=== Begin Enclosure ===

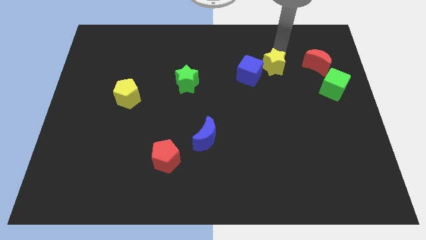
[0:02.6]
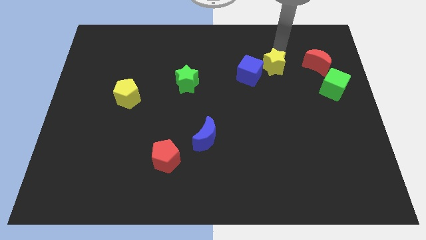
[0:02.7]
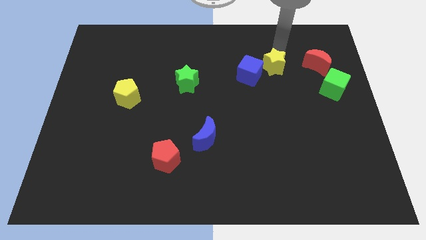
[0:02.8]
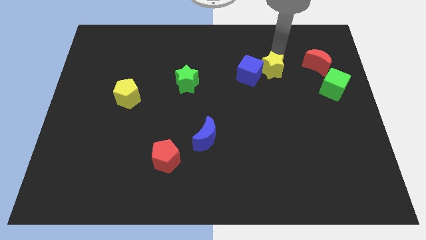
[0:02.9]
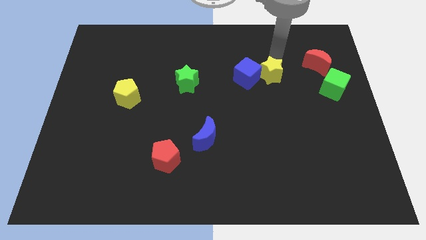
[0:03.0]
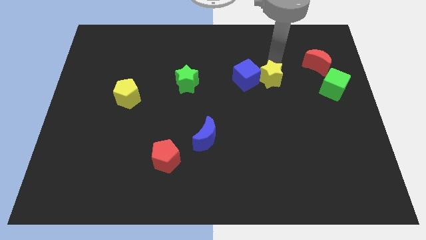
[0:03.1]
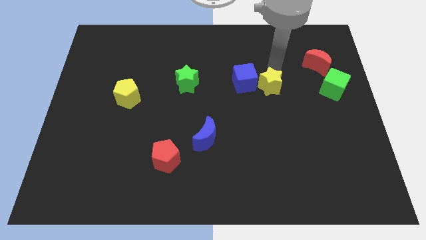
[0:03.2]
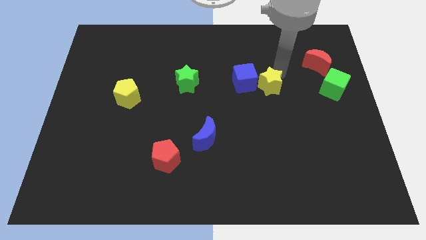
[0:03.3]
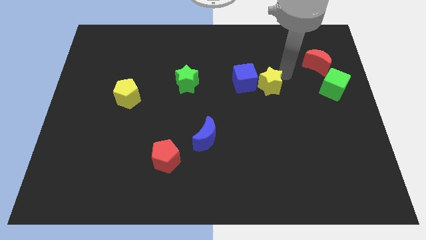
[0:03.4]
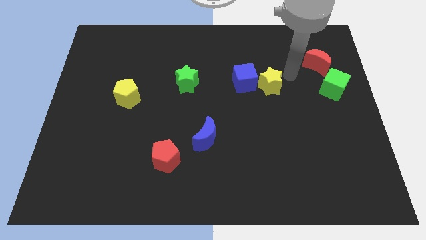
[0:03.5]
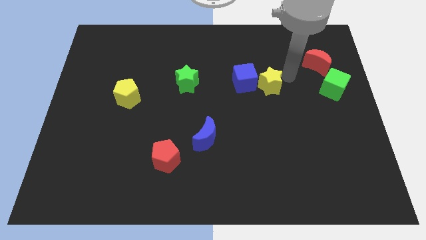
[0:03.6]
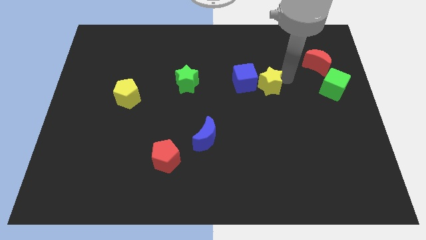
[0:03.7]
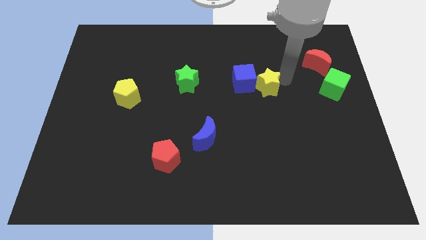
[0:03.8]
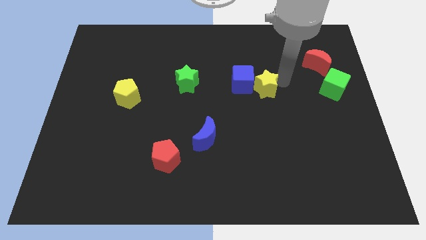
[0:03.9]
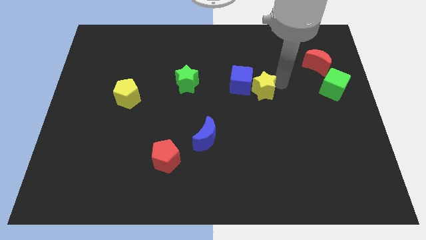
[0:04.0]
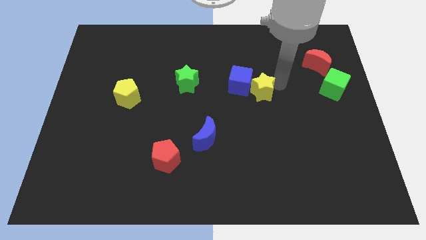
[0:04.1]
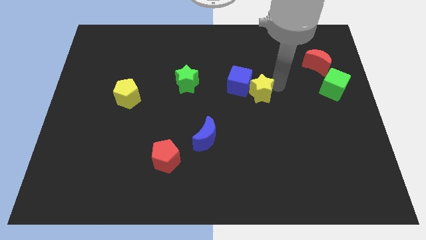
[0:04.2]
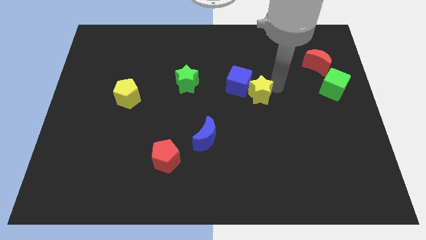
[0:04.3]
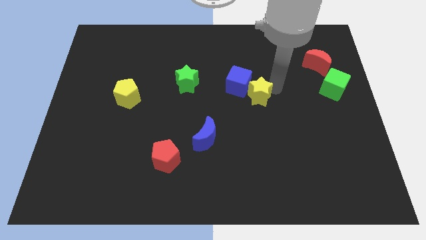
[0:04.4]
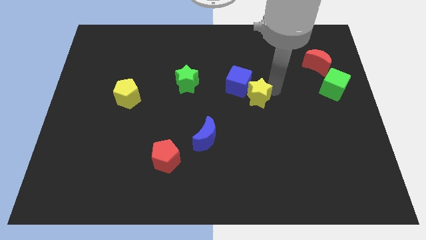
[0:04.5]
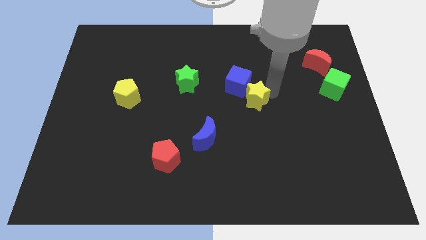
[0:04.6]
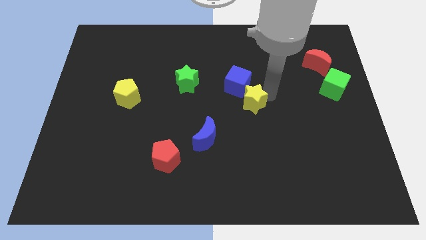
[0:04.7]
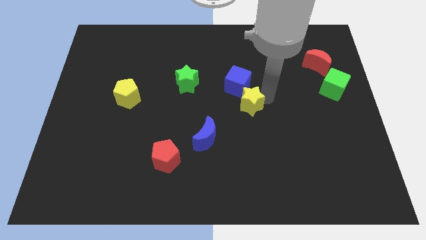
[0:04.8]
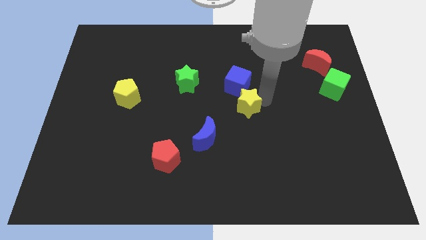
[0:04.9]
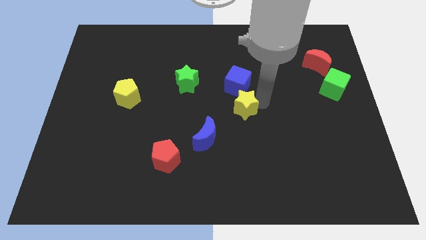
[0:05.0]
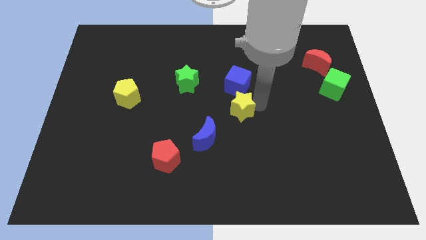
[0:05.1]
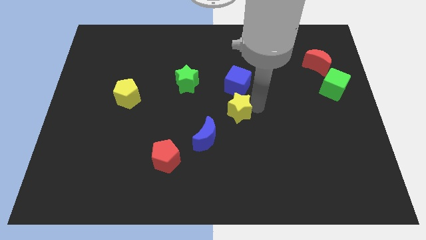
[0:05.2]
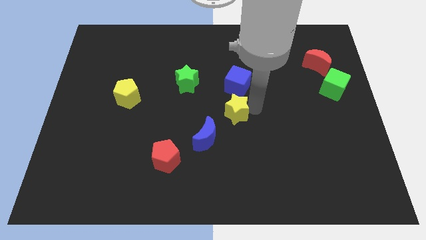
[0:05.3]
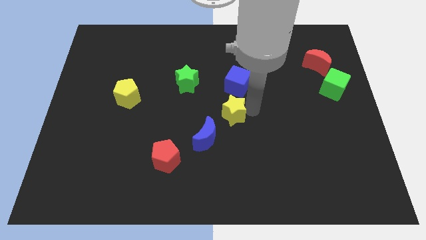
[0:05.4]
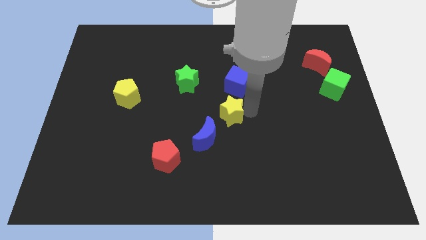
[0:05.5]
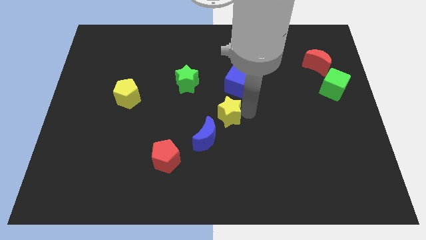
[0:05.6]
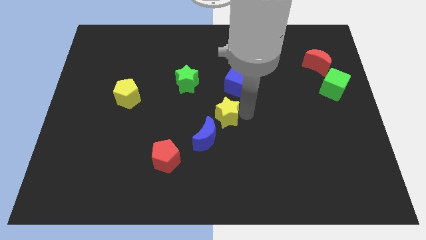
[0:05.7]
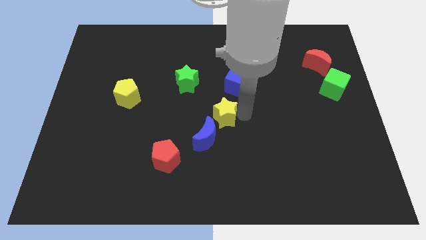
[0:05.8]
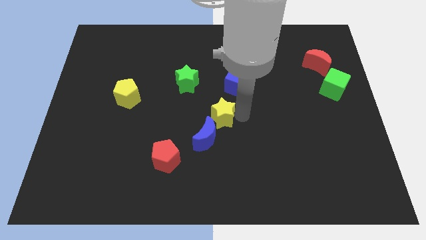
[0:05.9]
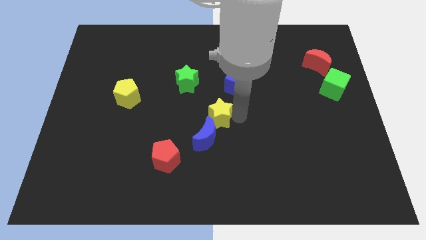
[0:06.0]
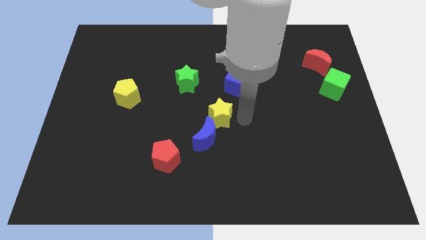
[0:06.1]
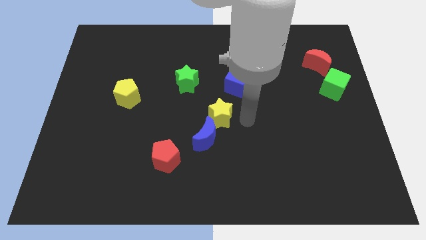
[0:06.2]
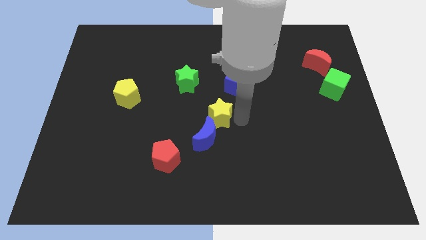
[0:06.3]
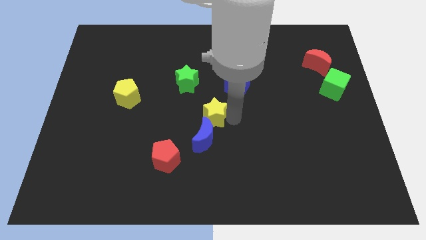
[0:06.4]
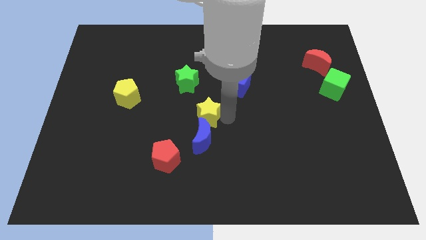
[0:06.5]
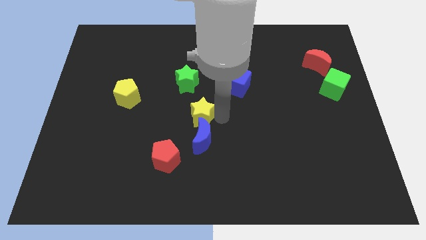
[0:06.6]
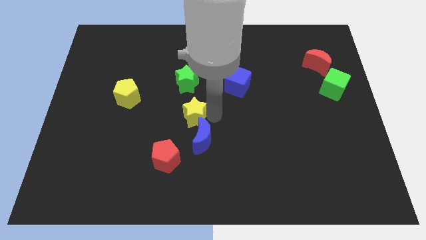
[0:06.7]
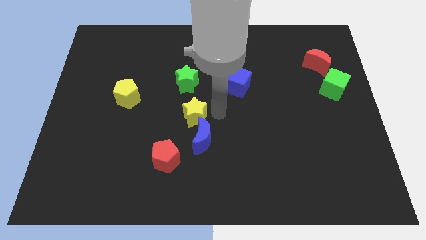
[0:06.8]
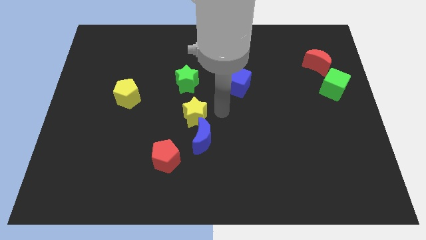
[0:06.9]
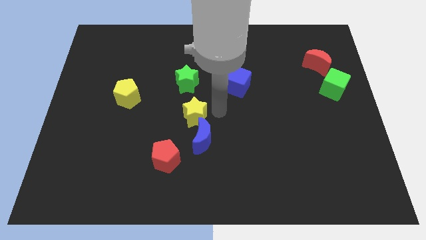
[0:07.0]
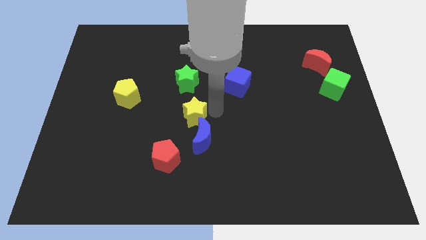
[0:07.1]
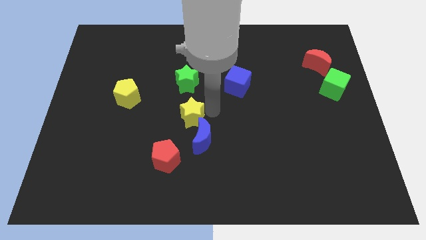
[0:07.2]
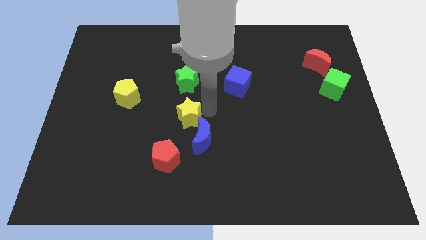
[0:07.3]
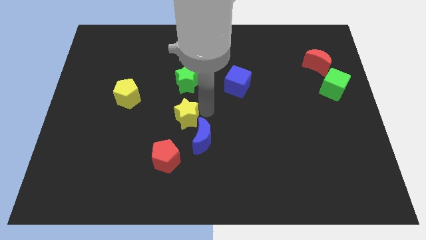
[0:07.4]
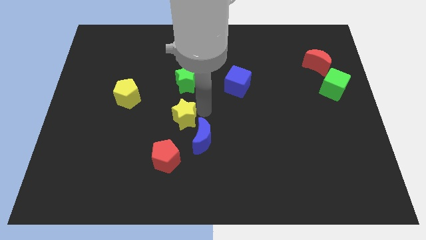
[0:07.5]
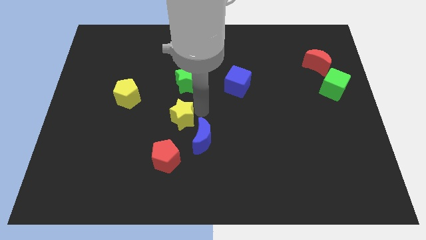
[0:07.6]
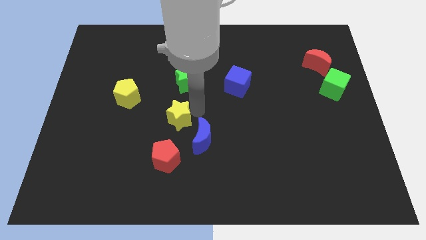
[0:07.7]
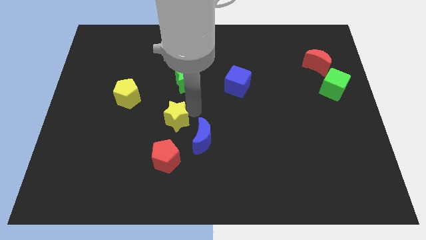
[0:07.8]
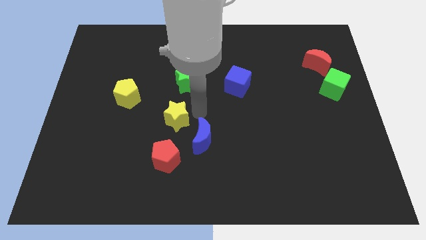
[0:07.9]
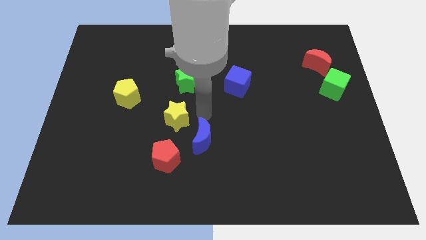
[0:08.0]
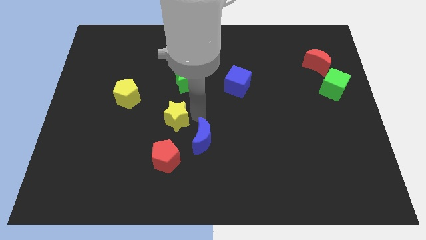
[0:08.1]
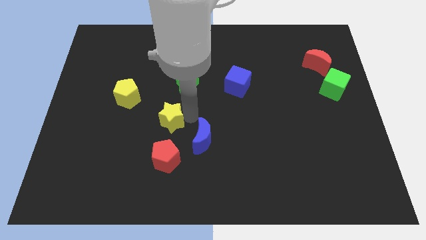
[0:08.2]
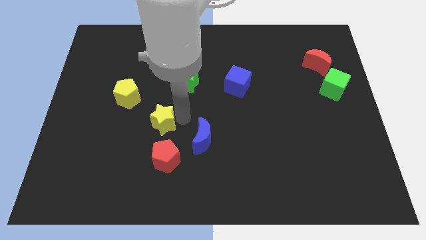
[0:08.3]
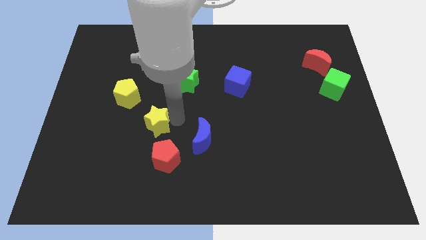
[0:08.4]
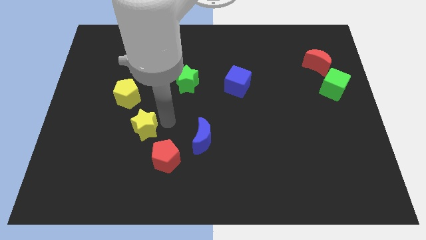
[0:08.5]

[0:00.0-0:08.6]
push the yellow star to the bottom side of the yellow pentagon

=== End Enclosure ===

Requirement:
Please output each line above exactly and omit all images.

Task response:
[0:02.6]
[0:02.7]
[0:02.8]
[0:02.9]
[0:03.0]
[0:03.1]
[0:03.2]
[0:03.3]
[0:03.4]
[0:03.5]
[0:03.6]
[0:03.7]
[0:03.8]
[0:03.9]
[0:04.0]
[0:04.1]
[0:04.2]
[0:04.3]
[0:04.4]
[0:04.5]
[0:04.6]
[0:04.7]
[0:04.8]
[0:04.9]
[0:05.0]
[0:05.1]
[0:05.2]
[0:05.3]
[0:05.4]
[0:05.5]
[0:05.6]
[0:05.7]
[0:05.8]
[0:05.9]
[0:06.0]
[0:06.1]
[0:06.2]
[0:06.3]
[0:06.4]
[0:06.5]
[0:06.6]
[0:06.7]
[0:06.8]
[0:06.9]
[0:07.0]
[0:07.1]
[0:07.2]
[0:07.3]
[0:07.4]
[0:07.5]
[0:07.6]
[0:07.7]
[0:07.8]
[0:07.9]
[0:08.0]
[0:08.1]
[0:08.2]
[0:08.3]
[0:08.4]
[0:08.5]

[0:00.0-0:08.6]
push the yellow star to the bottom side of the yellow pentagon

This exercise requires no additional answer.